═════ DATA EXCERPTS

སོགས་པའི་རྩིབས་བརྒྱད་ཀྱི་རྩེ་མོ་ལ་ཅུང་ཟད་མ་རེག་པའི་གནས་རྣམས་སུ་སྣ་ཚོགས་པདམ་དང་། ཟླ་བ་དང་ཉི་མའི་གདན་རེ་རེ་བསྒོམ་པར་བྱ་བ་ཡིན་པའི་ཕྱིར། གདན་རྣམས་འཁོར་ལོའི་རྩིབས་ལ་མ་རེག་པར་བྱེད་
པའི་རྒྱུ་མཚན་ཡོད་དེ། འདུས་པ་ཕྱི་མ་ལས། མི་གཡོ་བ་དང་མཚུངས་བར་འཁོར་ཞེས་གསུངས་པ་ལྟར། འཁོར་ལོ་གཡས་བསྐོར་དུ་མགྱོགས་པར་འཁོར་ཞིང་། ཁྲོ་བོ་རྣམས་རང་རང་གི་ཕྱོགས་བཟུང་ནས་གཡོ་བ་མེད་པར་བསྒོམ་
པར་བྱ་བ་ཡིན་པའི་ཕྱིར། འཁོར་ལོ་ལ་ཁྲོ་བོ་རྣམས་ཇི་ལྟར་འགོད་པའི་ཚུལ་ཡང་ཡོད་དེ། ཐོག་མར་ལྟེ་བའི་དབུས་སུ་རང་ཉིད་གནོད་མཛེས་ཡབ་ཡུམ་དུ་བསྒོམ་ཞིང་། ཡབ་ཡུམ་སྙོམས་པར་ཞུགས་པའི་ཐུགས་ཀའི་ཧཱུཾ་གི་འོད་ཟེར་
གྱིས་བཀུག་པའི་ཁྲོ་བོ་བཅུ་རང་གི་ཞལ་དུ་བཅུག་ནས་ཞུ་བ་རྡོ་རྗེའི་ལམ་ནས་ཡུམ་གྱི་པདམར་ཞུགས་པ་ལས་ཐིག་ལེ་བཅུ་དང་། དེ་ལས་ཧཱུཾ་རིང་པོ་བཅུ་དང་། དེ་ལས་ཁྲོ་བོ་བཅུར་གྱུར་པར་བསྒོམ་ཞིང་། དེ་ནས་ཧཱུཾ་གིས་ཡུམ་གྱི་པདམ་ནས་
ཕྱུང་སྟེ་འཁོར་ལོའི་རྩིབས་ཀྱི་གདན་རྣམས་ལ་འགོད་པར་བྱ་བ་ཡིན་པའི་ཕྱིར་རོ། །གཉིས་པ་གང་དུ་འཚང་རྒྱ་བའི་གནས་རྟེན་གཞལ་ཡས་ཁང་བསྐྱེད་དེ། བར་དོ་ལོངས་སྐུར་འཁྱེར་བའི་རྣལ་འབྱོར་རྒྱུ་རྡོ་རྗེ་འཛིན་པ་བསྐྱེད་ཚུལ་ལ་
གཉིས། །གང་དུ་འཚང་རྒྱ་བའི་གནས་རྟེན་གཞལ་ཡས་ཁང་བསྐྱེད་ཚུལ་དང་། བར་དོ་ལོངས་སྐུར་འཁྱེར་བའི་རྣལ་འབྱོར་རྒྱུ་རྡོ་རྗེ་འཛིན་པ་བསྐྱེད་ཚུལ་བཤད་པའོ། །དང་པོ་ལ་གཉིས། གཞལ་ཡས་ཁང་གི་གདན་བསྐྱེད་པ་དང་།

══════════

Your task is to repeat the entries exactly.

* EXERCISE RESULT
སོགས་པའི་རྩིབས་བརྒྱད་ཀྱི་རྩེ་མོ་ལ་ཅུང་ཟད་མ་རེག་པའི་གནས་རྣམས་སུ་སྣ་ཚོགས་པདམ་དང་། ཟླ་བ་དང་ཉི་མའི་གདན་རེ་རེ་བསྒོམ་པར་བྱ་བ་ཡིན་པའི་ཕྱིར། གདན་རྣམས་འཁོར་ལོའི་རྩིབས་ལ་མ་རེག་པར་བྱེད་
པའི་རྒྱུ་མཚན་ཡོད་དེ། འདུས་པ་ཕྱི་མ་ལས། མི་གཡོ་བ་དང་མཚུངས་བར་འཁོར་ཞེས་གསུངས་པ་ལྟར། འཁོར་ལོ་གཡས་བསྐོར་དུ་མགྱོགས་པར་འཁོར་ཞིང་། ཁྲོ་བོ་རྣམས་རང་རང་གི་ཕྱོགས་བཟུང་ནས་གཡོ་བ་མེད་པར་བསྒོམ་
པར་བྱ་བ་ཡིན་པའི་ཕྱིར། འཁོར་ལོ་ལ་ཁྲོ་བོ་རྣམས་ཇི་ལྟར་འགོད་པའི་ཚུལ་ཡང་ཡོད་དེ། ཐོག་མར་ལྟེ་བའི་དབུས་སུ་རང་ཉིད་གནོད་མཛེས་ཡབ་ཡུམ་དུ་བསྒོམ་ཞིང་། ཡབ་ཡུམ་སྙོམས་པར་ཞུགས་པའི་ཐུགས་ཀའི་ཧཱུཾ་གི་འོད་ཟེར་
གྱིས་བཀུག་པའི་ཁྲོ་བོ་བཅུ་རང་གི་ཞལ་དུ་བཅུག་ནས་ཞུ་བ་རྡོ་རྗེའི་ལམ་ནས་ཡུམ་གྱི་པདམར་ཞུགས་པ་ལས་ཐིག་ལེ་བཅུ་དང་། དེ་ལས་ཧཱུཾ་རིང་པོ་བཅུ་དང་། དེ་ལས་ཁྲོ་བོ་བཅུར་གྱུར་པར་བསྒོམ་ཞིང་། དེ་ནས་ཧཱུཾ་གིས་ཡུམ་གྱི་པདམ་ནས་
ཕྱུང་སྟེ་འཁོར་ལོའི་རྩིབས་ཀྱི་གདན་རྣམས་ལ་འགོད་པར་བྱ་བ་ཡིན་པའི་ཕྱིར་རོ། །གཉིས་པ་གང་དུ་འཚང་རྒྱ་བའི་གནས་རྟེན་གཞལ་ཡས་ཁང་བསྐྱེད་དེ། བར་དོ་ལོངས་སྐུར་འཁྱེར་བའི་རྣལ་འབྱོར་རྒྱུ་རྡོ་རྗེ་འཛིན་པ་བསྐྱེད་ཚུལ་ལ་
གཉིས། །གང་དུ་འཚང་རྒྱ་བའི་གནས་རྟེན་གཞལ་ཡས་ཁང་བསྐྱེད་ཚུལ་དང་། བར་དོ་ལོངས་སྐུར་འཁྱེར་བའི་རྣལ་འབྱོར་རྒྱུ་རྡོ་རྗེ་འཛིན་པ་བསྐྱེད་ཚུལ་བཤད་པའོ། །དང་པོ་ལ་གཉིས། གཞལ་ཡས་ཁང་གི་གདན་བསྐྱེད་པ་དང་།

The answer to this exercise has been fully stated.